Mi sospecha de que algo terrible había ocurrido aumentó cuando noté las miradas que cruzaron mi madre y mi abuela. Ella me tendió los brazos: ``Ven, acércate. Ya me dijo tu mamá que sacaste muy buenas calificaciones. Eso quiere decir que eres una niñita muy inteligente''. ``No, soy burra, como Joaquín'', le respondí. ``Nada de eso, al contrario. Además, ya tienes ocho años y entiendes las cosas.'' ``¿Qué cosas?'' Mi abuela suspiró con tristeza: ``Nadie es eterno. Ya lo sabes. Joaquín estaba muy viejo, ya no me servía para nada y lo mandé al circo, para los leones: eso es lo que comen''.

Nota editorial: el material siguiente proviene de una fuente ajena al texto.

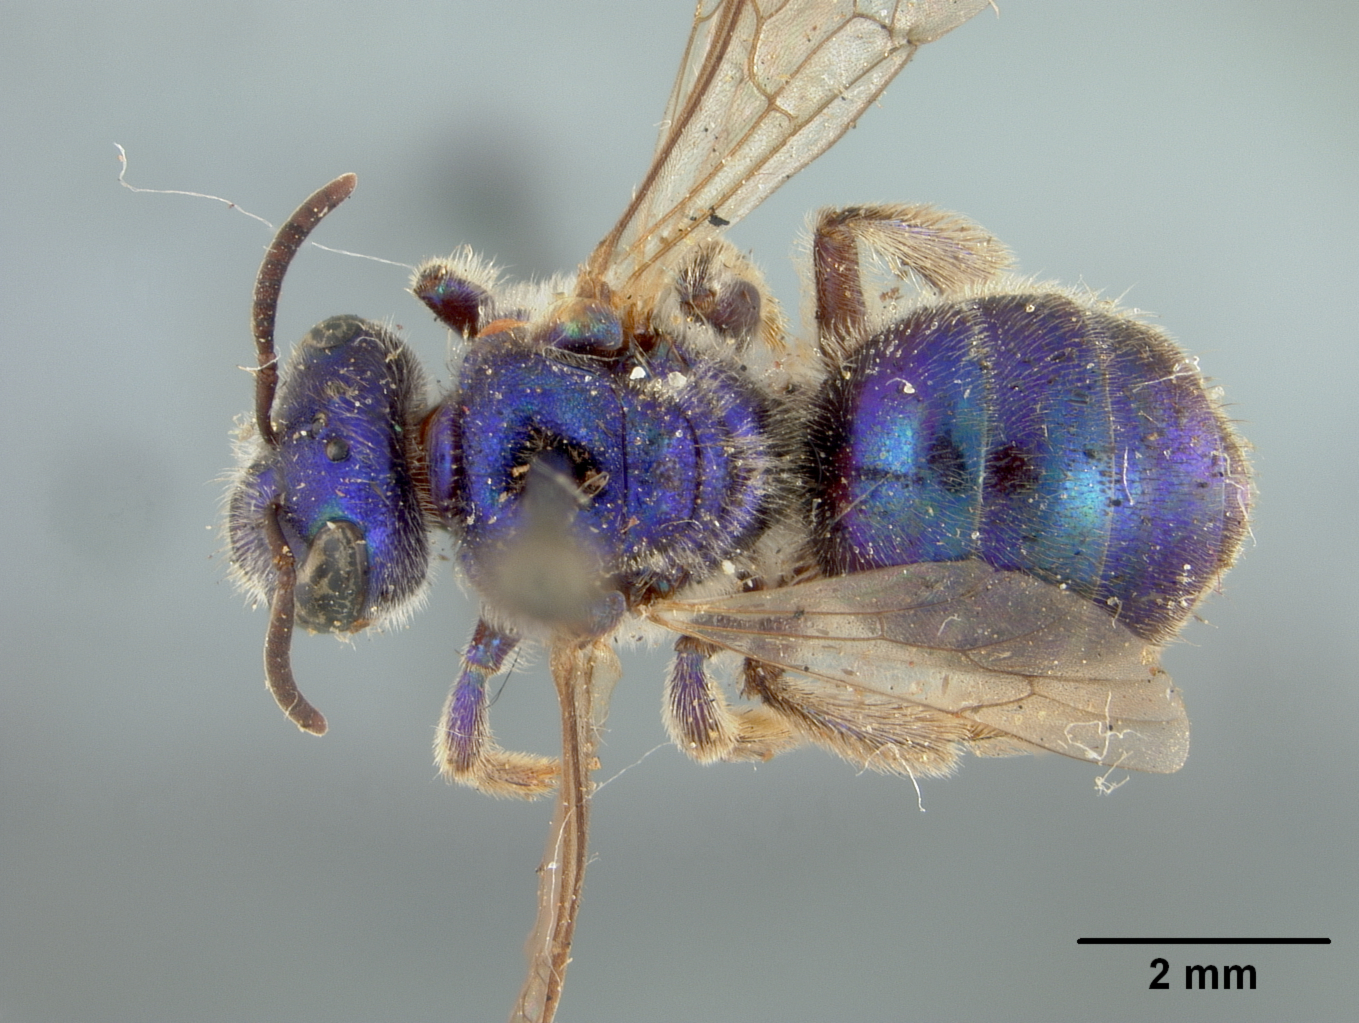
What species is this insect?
Augochlora anonyma
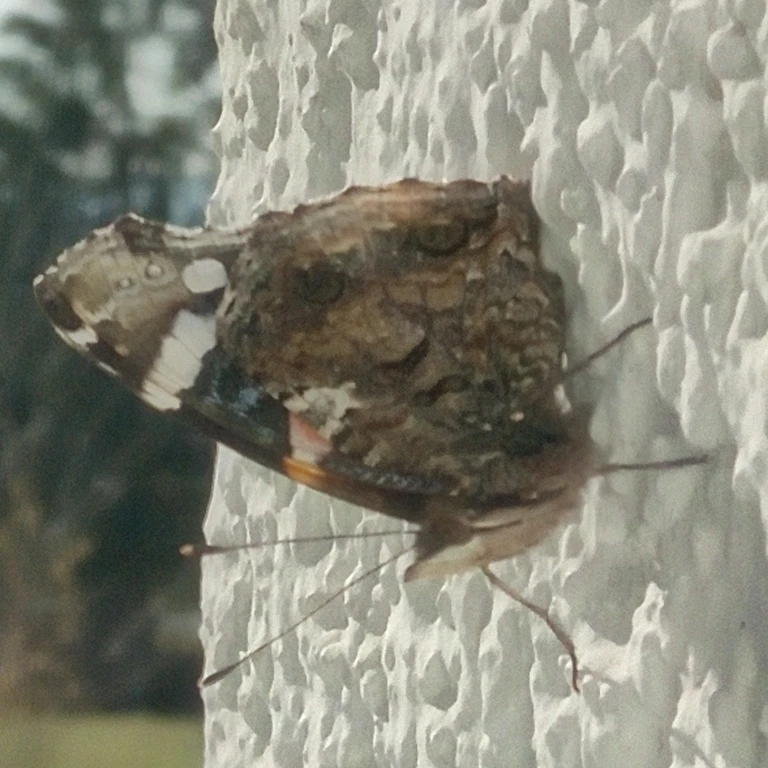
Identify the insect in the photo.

No sé qué cara habré puesto porque mi mamá intervino enseguida: ``Hubiera sido mucho más cruel dejarlo morir. Acuérdate: cuando nos fuimos a México ya estaba muy enfermo y medio ciego. ¿Comprendes lo que te estoy diciendo?'' No pude responder. Di media vuelta y salí del cuarto sintiendo el impulso del vómito. Iba a mitad del corredor cuando oí otra vez a mi madre: ``No te ensucies para que no tengas que cambiarte antes de irnos al circo''.

Entré en el corral. Mis pasos volvieron a asustar a las gallinas. En la tierra suelta quedaron otra vez las marcas estrelladas de sus patas. Me senté, saqué de mi bolsa la galleta y empecé a comerla. Al sabor dulce de la golosina se mezcló el amargo de mis lágrimas mientras repetía mi llamado inútil: ``Joaquín, Joaquín''.